Day 01 - Introduce yourself
Day 02 - Your first love
Day 03 - Your parents
Day 04 - What you ate today
Day 05 - Your definition of love
Day 06 - Your day
Day 07 - Your best friend
Day 08 - A moment
Day 09 - Your beliefs
Day 10 - What you wore today
Day 11 - Your siblings
Day 12 - What’s in your bag
Day 13 - This week
Day 14 - What you wore today
Day 15 - Your dreams
Day 16 - Your first kiss
Day 17 - Your favorite memory
Day 18 - Your favorite birthday
Day 19 - Something you regret
Day 20 - This month
Day 21 - Another moment
Day 22 - Something that upsets you
Day 23 - Something that makes you feel better
Day 24 - Something that makes you cry
Day 25 - A first
Day 26 - Your fears
Day 27 - Your favorite place
Day 28 - Something that you miss
Day 29 - Your aspirations
Day 30 - One last moment
Today we're here to discuss my parental gene pool, right class? Well, let me preface this by saying that I volunteered for six hours at a community fair today, and have to do the same tomorrow, and as such am extremely tired and blurry. (OH and unrelated note: I might make my journal friends-only for a bit, soon. College applications, oh college applications. I are paranoid.)

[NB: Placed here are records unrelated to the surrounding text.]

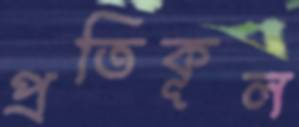
প্রতিকূল
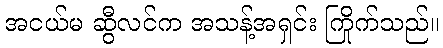
အငယ်မ ဆွီလင်က အသန့်အရှင်း ကြိုက်သည်။
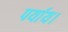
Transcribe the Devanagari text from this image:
पर्याय।
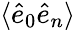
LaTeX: \langle\hat{e}_{0}\hat{e}_{n}\rangle
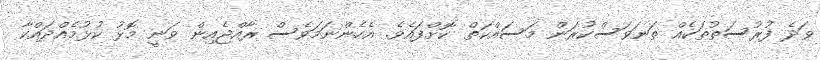
ވަދެ ފުރުސަތުތަކެއް ތަނަވަސްކުރަން މަސައްކަތް ކޮށްފައެވެ. އެހެންނަމަވެސް ރާއްޖެއިން ވަނީ މޮޅު ކުޅުމެއްދައްކާ
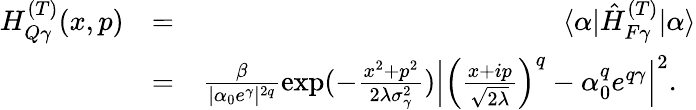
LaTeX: \begin{array}{rlr}{H_{Q\gamma}^{(T)}(x,p)}&{=}&{\langle\alpha|\hat{H}_{F\gamma}^{(T)}|\alpha\rangle}\\ &{=}&{\frac{\beta}{|\alpha_{0}e^{\gamma}|^{2q}}\exp(-\frac{x^{2}+p^{2}}{2\lambda\sigma_{\gamma}^{2}})\Big|\Big(\frac{x+ip}{\sqrt{2\lambda}}\Big)^{q}-\alpha_{0}^{q}e^{q\gamma}\Big|^{2}.\ \ }\end{array}
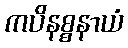
ကပိနစ္စနာယံ
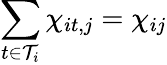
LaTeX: \sum_{t\in\mathcal{T}_{i}}\chi_{it,j}=\chi_{ij}
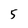
Character: 5
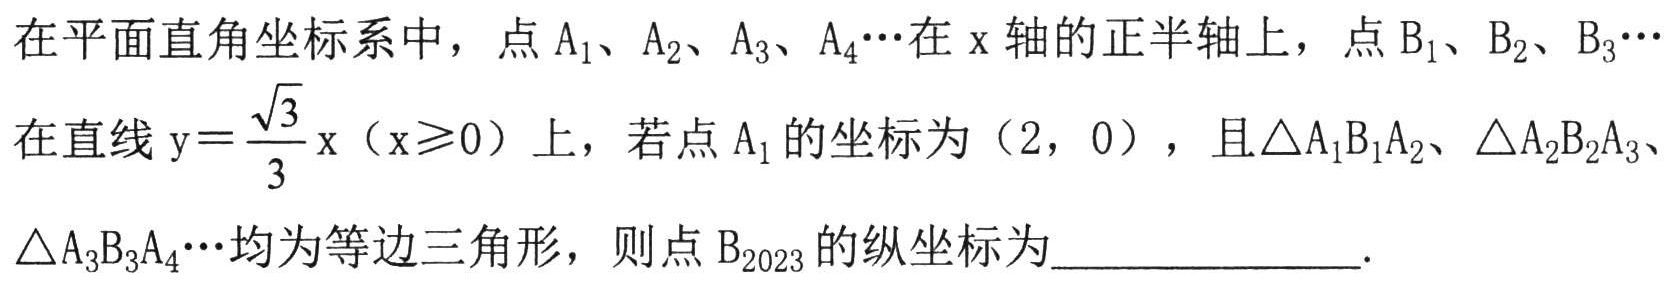
在平面直角坐标系中，点\(A_{1}、A_{2}、A_{3}、A_{4}\cdots\)在\(x\)轴的正半轴上，点\(B_{1}、B_{2}、B_{3}\cdots\)在直线\(y = \frac{\sqrt{3}}{3}x\)（\(x\geqslant0\)）上，若点\(A_{1}\)的坐标为\((2, 0)\)，且\(\triangle A_{1}B_{1}A_{2}\)、\(\triangle A_{2}B_{2}A_{3}\)、\(\triangle A_{3}B_{3}A_{4}\cdots\)均为等边三角形，则点\(B_{2023}\)的纵坐标为  .

My father ranks below career criminal on the creepy list. He moved to New Mexico a year ago and now walks around the house in a singular banana hammock, while I just sit and try not to look at him ever. He has a habit of not letting conversations go, even when the stranger he cornered at the supermarket is backing away, pushing their cart towards him and glancing around. He simultaneously abused his children and had three (as far as I know) highly unsuccessful marriages at the same time as being a licensed Family and Marriage Therapist. He grew up in Woodstock, playing harmonica with musicians that went on to be iconic, and has a record collection to die for. He is convinced that he is part Native American and will not be talked out of it. Even by genuine Native Americans. I hated him for the first two thirds of my life, disdained him for the next bit, and now just tolerate him with amused affection. Very much so an alcoholic, very much so batshit crazy, very much so in need of high-intensity anger therapy sessions, and very much so my father. I actually kind of love him. (He has a very high chance of having another heart attack in the near future, and is having an operation soon. They say he'll likely have the attack on the operating table. I'm terrified, and I love that I can be terrified that I might lose him, now.)
My mother... Well. She was a child of the Hippy Era, and graduated high school two years after the Summer of Love, from a school in the dead center of L.A. She then lived in a shared house in the Sierra Nevada mountains with no electricity or running water for a few years, moved to New York City after that, had my older sister, moved Upstate, married my father, and then came me... And that's a whole other story. She used to sing whenever she got angry, in a really obnoxious and hysterical way that was WAY worse than the normal parental yelling that every other kid got. She is really chill, except when she turns my depression into a personal attack on her parenting skills. She charms everyone around me, and even charms me sometimes. Tibetan Buddhist, and responsible for showing me all the ideals and inspirations that I love in life. She has clothes bought from thrift stores in California forty years ago, and I have slowly adopted her fashion sense to the horror of my sisters. Passive-agressive and an amazing gardener, with a green thumb to challenge the Green Giant. Now married to a Frenchman named Jacques and I kind of constantly want to punch her in the face.
... jesus effing christ every entry for this meme is super-long and stupidly emotional. I am so sorry, f-list.